Budget period: This may be defined as the period for which a budget is prepared and employed. The budget period will depend on the type of business and the control aspects. There is no general rule governing the selection of the budget period.

Budget Factor:
Budget factor is also known as 'Key Factor' or 'Limiting Factor'. Budget factor is either based on the forecasts or known or available conditions which have the effect of putting restraint or limiting the level of activity. These may be outside factors like a very common factor is demand of the product or service. If demand is high, sales can also be budgeted at a high level and vice versa. Another example of outside factor is government regulations like restriction on number of admissions that can be made in MBBS during an academic year by Medical Council of India.

Internal factors are availability of raw material, skilled labour, machines etc.

Thus, budget factor puts limits to budgeted activity levels and forces preparation of realistic budgets.



Classification of Budget

(I)   Classification according to time factor
(II) Classification according to flexibility factor
(III)  Classification according to function.

I. Classification according to time factor: – On this basis, budgets can be of three types:
(i) Long term budget – for a period of 5 to 10 years
(ii) Short term budgets – Usually for a period of one to two years
(iii) Current budgets – Usually covers a period of one month or so,

II Classification according to flexibility: It includes
(i) Flexible budgets and
(ii) Fixed budgets

Flexible budgets: It is a dynamic budget. It gives different budgeted cost for different levels of activity. It is prepared after making an intelligent classification of all expenses between fixed, semi variable and variable because the usefulness of such a budget depends up on the accuracy with which the expenses can be classified.

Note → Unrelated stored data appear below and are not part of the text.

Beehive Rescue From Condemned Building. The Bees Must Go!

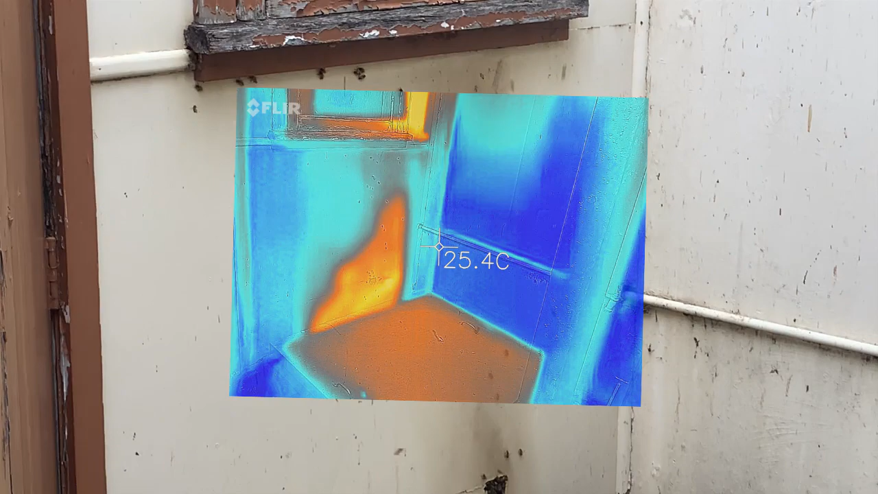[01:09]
On screen: spot 25.4°C
and out there all over the place pretty active and then the next one just above
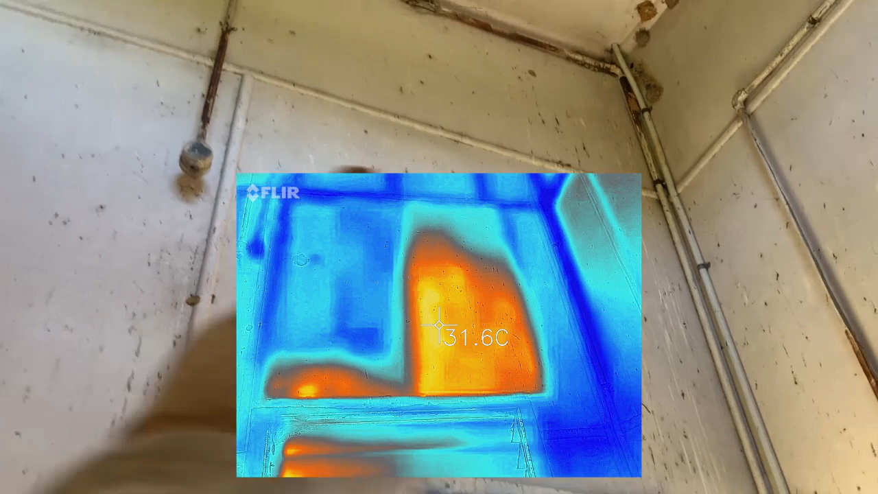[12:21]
On screen: spot 31.6°C
So we're inside this little structure and the colony I'm getting in is in this cavity above the doorway.
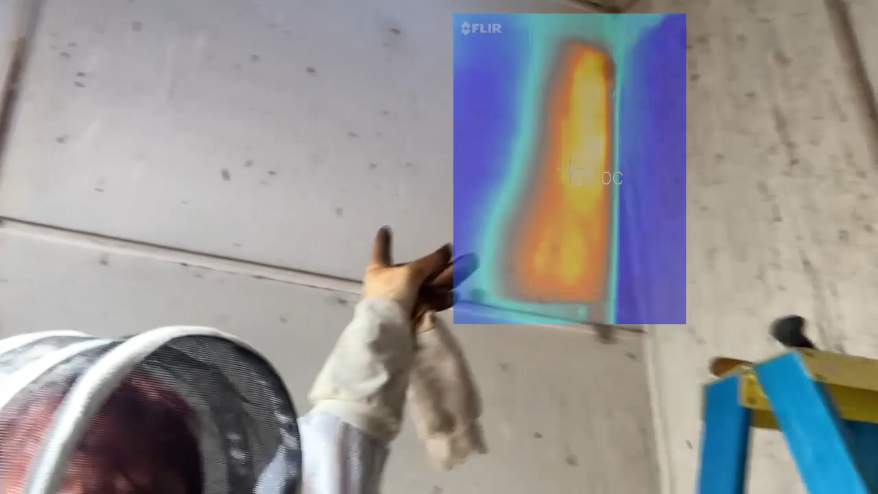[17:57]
Got to knock that one out. There's a colony in there that's only set up in the last month or two.

Steps in preparing flexible budgets:

(i)                  Identifying the relevant range of activity
(ii)                Classify cost according to variability
(iii)               Determine variable cost
(iv)               Determine fixed cost
(v)                Determine semi variable cost
(vi)               Prepare the budget for selected levels of activity



III. Classification according to function: It includes (i) functional budgets and (ii) master budgets:

Functional budgets are those which are prepared by heads of functional departments for their respective departments and are subsidiary to the master budget.
Functional budget may be Operating budgets or financial budget.
Operating budgets are those budgets which relate to the different activities or operations of a firm. These are the primary budgets.
Financial budgets are those which incorporate financial decisions of an organization. They show in detail the inflow and outflow of cash and the overall financial position.

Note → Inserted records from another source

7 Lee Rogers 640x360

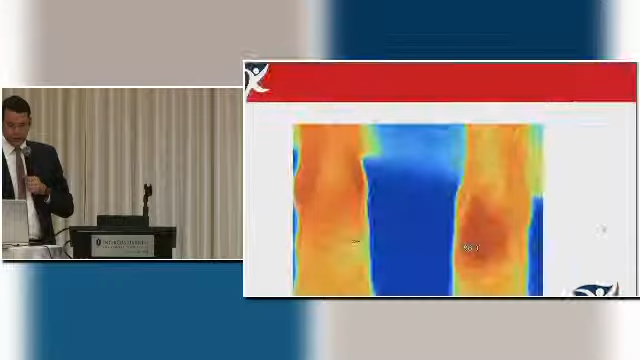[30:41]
And you can see a great difference in the temperature there. So 89 degrees on one side versus 96 degrees on the other.
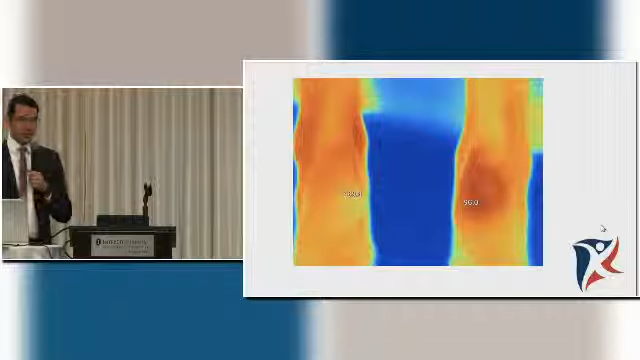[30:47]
So that, in fact, predicted that he was going to get a heel ulcer based on the fact that there was so much inflammation there.
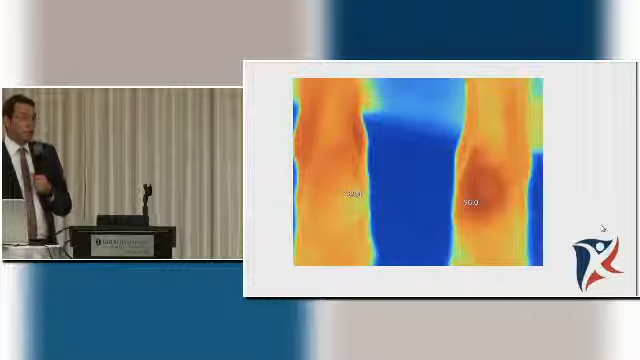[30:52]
So here's another patient with, and this patient came in.
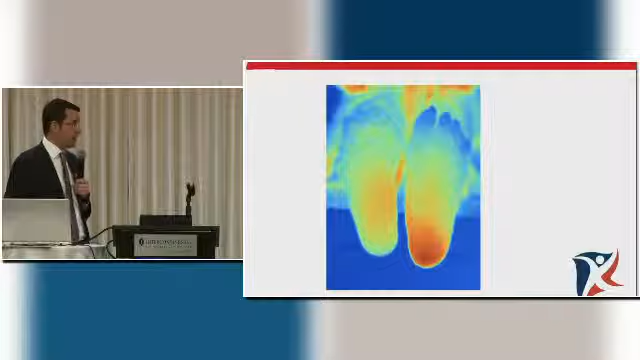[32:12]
And we can see that, that he, in fact, did have a very hot heel. Which, which would, if we didn't offload him and take the pressure off, would, he would get an ulcer on that heel. And then may end up losing his leg, because that's something really difficult to treat in that location. So here's another, another patient with a, and his feet are kind of at different angles.

Master budget contains the summary of all functional budgets. It summarizes sales, production, purchase, labour, finance budgets etc. It is considered as the overall budget of the organization.

Different types of functional budgets:

1.       Sales budget: It is forecast of total sales expressed in quantities and money. It is prepared by the sales manager. While preparing sales budget we have to consider the past sales data, market conditions, general trade and business conditions etc.
2.       Production budget: It is the forecast of the quantity of production for the budget period. It is usually expressed in physical quantity.
3.       Material budget: It shows the estimated quantities as well as cost of raw material required for the production of different product during the budget period.
4.       Purchase budget: It shows the quantity of different type of materials to be purchased during the budget period taking into consideration the level of activity and the inventory levels.
5.       Cash budget: It is prepared only after all the other functional budgets are prepared. It is also known as financial budget. It is a statement showing estimated cash inflows and cash outflows over the budgeted period.

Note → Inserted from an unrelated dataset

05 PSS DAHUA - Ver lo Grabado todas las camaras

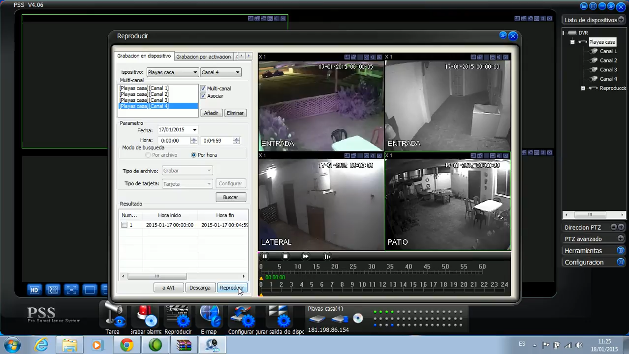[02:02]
No como en el video anterior, que solamente tenía una cámara, sino ya dispongo yo de las 4 cámaras. Espero que les parezca interesante este video. Y continuamos dentro de un momento.

Cash budget is prepared on the basis of the cash forecast. The cash forecast is an estimate showing the availability or otherwise of adequate amount of cash in a future period for meeting the operating expenses and all other commitments. It summarizes the anticipated cash receipts and cash payments for the budget period.

There are three methods for preparing the cash budget. They are:
(i)                  The receipts and payment method
(ii)                Adjusted Profit and Loss method: Under this method, profit is adjusted by adding back
depreciation, provisions, stock and work in progress, capital receipts, decrease in debtors, increase
in creditors etc. Similarly, dividends, capital payments, increase in debtors, increase in stock and
decrease in creditors are deducted. The adjusted profit will be the estimated cash available. Under this method, the following information becomes necessary:
(a)Expected opening balance
(b) Net profit for the period
(c) Changes in current asset and current liabilities
(d) Capital receipts and capital expenditure
(e) Payment of dividend
(iii)               Balance sheet method: Under this method, a budgeted balance sheet is prepared for the
budgeted period, showing all assets and liabilities except cash. The two sides of the balance sheet are then balanced. The balance then represents cash at bank or overdraft, depending upon whether the assets total is more than that of the liabilities total or the latter is more than that of the former.

 Advantages of Cash budget:
(i)                  It helps to ascertain the shortage of cash
(ii)                It helps to identify excess of cash, so that the surplus cash can be invested for a short period
(iii)               It helps to ensure sufficient cash is available when required.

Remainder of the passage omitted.